* PROMPT
Given the records below, pull every line with the word "note" into the answer.

* EXERCISE DATA
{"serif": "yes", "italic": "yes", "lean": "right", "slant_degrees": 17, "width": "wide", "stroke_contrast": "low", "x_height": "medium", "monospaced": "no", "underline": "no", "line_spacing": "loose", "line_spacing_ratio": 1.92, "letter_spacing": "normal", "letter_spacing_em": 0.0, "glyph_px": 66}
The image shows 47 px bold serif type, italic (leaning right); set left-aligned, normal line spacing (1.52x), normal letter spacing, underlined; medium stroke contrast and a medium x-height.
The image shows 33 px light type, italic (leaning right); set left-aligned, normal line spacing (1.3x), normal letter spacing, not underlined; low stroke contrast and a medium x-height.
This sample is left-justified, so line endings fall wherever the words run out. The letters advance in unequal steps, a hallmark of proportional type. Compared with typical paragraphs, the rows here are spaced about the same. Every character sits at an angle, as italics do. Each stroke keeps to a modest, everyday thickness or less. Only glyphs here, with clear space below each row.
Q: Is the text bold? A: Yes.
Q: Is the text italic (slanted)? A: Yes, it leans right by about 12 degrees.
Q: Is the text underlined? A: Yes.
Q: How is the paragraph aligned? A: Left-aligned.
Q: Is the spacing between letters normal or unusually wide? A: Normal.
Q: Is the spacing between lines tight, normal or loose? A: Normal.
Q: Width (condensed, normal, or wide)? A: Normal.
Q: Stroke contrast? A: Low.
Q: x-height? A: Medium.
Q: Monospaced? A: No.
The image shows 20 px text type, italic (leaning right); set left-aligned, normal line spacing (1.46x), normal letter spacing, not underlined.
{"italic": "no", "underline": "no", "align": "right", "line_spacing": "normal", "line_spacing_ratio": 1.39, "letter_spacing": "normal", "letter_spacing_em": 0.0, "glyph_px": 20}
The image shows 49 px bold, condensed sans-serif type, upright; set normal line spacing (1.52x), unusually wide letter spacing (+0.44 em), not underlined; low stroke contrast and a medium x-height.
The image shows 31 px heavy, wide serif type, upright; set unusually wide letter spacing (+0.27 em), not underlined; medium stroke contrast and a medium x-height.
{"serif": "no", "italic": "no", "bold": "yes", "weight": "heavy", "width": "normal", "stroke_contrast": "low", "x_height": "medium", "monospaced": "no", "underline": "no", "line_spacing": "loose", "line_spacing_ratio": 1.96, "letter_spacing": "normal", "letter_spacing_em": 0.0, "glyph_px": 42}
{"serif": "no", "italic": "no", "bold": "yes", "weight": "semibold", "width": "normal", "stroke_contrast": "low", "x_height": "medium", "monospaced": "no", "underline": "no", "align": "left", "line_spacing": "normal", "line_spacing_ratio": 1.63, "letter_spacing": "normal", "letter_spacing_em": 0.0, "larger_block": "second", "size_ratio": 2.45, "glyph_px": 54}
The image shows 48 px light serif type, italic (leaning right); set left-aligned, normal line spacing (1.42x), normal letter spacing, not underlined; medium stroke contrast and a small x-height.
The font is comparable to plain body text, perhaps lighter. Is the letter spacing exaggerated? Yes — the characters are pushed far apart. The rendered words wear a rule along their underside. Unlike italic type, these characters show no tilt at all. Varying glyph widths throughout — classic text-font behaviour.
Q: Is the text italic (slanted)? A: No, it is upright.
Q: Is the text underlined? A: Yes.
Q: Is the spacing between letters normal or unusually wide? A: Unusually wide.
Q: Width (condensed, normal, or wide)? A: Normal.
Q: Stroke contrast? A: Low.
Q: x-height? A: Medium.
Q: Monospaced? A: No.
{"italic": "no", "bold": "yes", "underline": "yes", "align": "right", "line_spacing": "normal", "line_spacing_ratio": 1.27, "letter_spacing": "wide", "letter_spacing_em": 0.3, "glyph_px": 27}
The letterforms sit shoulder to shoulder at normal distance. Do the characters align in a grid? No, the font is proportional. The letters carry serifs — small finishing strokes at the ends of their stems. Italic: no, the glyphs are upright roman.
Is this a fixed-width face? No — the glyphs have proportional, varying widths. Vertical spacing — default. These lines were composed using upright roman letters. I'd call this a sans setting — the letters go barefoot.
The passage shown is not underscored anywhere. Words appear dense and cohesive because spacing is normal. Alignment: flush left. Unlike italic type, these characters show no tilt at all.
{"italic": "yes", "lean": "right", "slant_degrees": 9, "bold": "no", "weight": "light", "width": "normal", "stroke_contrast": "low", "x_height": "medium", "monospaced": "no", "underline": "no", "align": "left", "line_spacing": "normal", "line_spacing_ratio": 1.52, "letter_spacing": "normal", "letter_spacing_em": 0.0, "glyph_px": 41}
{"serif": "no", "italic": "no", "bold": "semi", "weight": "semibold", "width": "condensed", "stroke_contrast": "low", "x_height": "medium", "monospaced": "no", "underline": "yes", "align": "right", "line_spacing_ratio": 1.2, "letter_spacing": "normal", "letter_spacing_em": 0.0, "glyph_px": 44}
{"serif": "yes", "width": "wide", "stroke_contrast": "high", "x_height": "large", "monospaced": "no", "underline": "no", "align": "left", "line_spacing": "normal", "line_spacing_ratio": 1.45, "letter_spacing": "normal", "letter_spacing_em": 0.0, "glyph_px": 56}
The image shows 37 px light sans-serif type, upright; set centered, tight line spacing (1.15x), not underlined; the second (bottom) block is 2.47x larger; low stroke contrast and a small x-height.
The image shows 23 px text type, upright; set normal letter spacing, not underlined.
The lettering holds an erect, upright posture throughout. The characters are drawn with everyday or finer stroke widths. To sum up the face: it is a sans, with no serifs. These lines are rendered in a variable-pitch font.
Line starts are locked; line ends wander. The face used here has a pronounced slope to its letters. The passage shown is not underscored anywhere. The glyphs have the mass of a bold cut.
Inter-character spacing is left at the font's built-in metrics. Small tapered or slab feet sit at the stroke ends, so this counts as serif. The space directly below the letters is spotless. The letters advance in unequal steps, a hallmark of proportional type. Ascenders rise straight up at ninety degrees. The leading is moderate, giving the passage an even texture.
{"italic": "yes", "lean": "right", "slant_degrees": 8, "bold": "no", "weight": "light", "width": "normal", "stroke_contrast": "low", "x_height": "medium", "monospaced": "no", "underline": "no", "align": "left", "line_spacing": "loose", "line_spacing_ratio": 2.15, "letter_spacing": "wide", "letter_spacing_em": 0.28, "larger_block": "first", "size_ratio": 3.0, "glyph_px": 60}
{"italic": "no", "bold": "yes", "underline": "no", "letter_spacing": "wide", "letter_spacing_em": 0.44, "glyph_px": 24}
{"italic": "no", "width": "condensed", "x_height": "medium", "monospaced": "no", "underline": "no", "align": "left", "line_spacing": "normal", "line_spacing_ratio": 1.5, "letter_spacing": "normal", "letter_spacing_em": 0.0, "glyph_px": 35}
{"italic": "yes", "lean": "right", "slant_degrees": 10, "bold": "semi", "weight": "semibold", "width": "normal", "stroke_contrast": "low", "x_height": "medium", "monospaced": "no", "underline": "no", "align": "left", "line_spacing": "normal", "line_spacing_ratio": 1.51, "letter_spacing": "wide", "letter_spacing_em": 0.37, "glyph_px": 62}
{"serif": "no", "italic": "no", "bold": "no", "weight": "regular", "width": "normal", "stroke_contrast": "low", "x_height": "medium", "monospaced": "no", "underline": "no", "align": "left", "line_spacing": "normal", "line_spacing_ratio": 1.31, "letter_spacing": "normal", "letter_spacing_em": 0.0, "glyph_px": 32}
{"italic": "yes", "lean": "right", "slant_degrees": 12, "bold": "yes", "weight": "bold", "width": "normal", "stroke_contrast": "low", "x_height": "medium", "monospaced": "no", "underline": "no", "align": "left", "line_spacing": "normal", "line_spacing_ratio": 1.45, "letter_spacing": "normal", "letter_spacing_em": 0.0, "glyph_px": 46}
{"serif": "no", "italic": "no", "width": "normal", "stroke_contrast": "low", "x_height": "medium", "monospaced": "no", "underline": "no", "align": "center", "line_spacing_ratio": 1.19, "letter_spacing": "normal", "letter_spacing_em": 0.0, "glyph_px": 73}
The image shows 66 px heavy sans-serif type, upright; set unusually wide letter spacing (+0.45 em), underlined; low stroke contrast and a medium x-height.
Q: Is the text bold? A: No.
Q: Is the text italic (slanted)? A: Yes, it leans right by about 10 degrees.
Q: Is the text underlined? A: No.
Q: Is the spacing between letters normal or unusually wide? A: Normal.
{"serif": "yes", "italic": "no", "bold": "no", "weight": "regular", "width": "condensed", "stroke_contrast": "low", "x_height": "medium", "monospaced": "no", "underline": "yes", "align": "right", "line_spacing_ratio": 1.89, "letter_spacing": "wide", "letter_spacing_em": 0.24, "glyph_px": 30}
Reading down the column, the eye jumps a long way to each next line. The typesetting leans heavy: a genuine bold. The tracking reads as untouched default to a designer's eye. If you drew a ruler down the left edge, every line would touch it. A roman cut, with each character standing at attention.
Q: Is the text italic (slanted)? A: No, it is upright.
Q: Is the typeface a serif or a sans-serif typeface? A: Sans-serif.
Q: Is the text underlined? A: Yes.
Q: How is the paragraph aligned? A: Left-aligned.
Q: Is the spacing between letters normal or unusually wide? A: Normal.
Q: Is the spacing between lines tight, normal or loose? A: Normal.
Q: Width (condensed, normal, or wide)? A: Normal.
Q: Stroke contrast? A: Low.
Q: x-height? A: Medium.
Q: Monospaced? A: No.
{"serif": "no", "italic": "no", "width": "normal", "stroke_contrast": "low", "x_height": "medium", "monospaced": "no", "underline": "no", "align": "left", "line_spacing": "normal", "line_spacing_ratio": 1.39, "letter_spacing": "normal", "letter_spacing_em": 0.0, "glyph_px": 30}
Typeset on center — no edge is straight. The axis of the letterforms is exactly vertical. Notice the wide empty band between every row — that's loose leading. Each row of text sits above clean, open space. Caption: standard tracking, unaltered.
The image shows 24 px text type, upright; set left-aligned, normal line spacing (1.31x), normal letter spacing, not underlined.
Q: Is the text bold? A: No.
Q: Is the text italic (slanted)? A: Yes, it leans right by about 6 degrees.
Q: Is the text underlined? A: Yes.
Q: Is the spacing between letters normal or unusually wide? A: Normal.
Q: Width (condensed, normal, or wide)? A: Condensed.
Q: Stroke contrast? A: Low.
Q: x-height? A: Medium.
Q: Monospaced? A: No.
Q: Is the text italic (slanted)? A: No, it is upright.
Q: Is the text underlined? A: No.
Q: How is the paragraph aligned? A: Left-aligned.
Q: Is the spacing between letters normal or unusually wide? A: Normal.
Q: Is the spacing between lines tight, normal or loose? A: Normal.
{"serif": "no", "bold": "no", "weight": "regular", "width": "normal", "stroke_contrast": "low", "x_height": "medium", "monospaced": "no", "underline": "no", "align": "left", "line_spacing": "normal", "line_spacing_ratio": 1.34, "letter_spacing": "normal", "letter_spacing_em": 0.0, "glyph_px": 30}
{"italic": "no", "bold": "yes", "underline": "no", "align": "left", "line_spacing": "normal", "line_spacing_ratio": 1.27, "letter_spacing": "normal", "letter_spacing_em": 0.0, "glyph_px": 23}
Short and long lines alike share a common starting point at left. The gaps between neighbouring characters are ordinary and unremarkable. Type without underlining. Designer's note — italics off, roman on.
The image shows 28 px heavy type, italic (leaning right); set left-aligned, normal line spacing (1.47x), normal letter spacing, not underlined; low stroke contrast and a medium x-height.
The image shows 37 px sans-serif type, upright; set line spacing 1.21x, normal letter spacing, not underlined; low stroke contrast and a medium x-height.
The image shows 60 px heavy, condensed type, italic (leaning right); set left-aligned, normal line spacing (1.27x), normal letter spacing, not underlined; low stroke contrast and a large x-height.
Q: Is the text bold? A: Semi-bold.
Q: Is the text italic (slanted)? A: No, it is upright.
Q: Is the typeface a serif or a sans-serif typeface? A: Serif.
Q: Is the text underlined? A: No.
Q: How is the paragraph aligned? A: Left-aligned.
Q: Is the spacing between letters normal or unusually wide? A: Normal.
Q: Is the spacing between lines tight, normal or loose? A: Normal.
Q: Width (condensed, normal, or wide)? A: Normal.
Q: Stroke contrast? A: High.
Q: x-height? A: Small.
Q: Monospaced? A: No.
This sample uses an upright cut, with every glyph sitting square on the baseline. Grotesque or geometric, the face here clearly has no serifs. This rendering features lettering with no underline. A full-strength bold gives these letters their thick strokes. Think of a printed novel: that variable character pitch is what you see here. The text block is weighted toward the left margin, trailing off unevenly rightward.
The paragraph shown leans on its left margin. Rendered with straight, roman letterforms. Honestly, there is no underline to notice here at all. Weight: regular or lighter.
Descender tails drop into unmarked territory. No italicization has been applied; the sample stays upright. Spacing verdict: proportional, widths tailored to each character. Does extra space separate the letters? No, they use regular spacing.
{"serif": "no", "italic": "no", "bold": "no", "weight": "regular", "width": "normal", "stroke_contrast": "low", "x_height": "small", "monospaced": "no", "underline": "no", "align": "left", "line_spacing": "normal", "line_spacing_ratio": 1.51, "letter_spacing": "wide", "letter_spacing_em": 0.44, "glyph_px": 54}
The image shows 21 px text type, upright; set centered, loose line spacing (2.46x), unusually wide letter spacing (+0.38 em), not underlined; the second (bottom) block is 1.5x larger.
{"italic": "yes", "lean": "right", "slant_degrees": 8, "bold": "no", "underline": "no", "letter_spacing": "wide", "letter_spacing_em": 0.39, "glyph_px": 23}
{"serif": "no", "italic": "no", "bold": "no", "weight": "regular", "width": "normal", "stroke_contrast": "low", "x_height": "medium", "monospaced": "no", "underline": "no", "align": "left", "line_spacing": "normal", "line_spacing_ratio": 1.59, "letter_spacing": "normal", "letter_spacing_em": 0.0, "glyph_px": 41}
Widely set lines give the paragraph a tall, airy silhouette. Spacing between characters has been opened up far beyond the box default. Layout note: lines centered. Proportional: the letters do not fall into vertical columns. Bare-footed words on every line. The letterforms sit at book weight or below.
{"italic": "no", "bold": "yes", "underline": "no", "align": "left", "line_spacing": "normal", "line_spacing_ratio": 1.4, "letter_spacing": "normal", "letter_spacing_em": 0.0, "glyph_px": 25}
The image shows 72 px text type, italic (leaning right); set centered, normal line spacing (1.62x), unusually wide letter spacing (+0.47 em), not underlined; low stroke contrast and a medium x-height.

* EXERCISE RESULT
Short and long lines alike share a common starting point at left. The gaps between neighbouring characters are ordinary and unremarkable. Type without underlining. Designer's note — italics off, roman on.
Widely set lines give the paragraph a tall, airy silhouette. Spacing between characters has been opened up far beyond the box default. Layout note: lines centered. Proportional: the letters do not fall into vertical columns. Bare-footed words on every line. The letterforms sit at book weight or below.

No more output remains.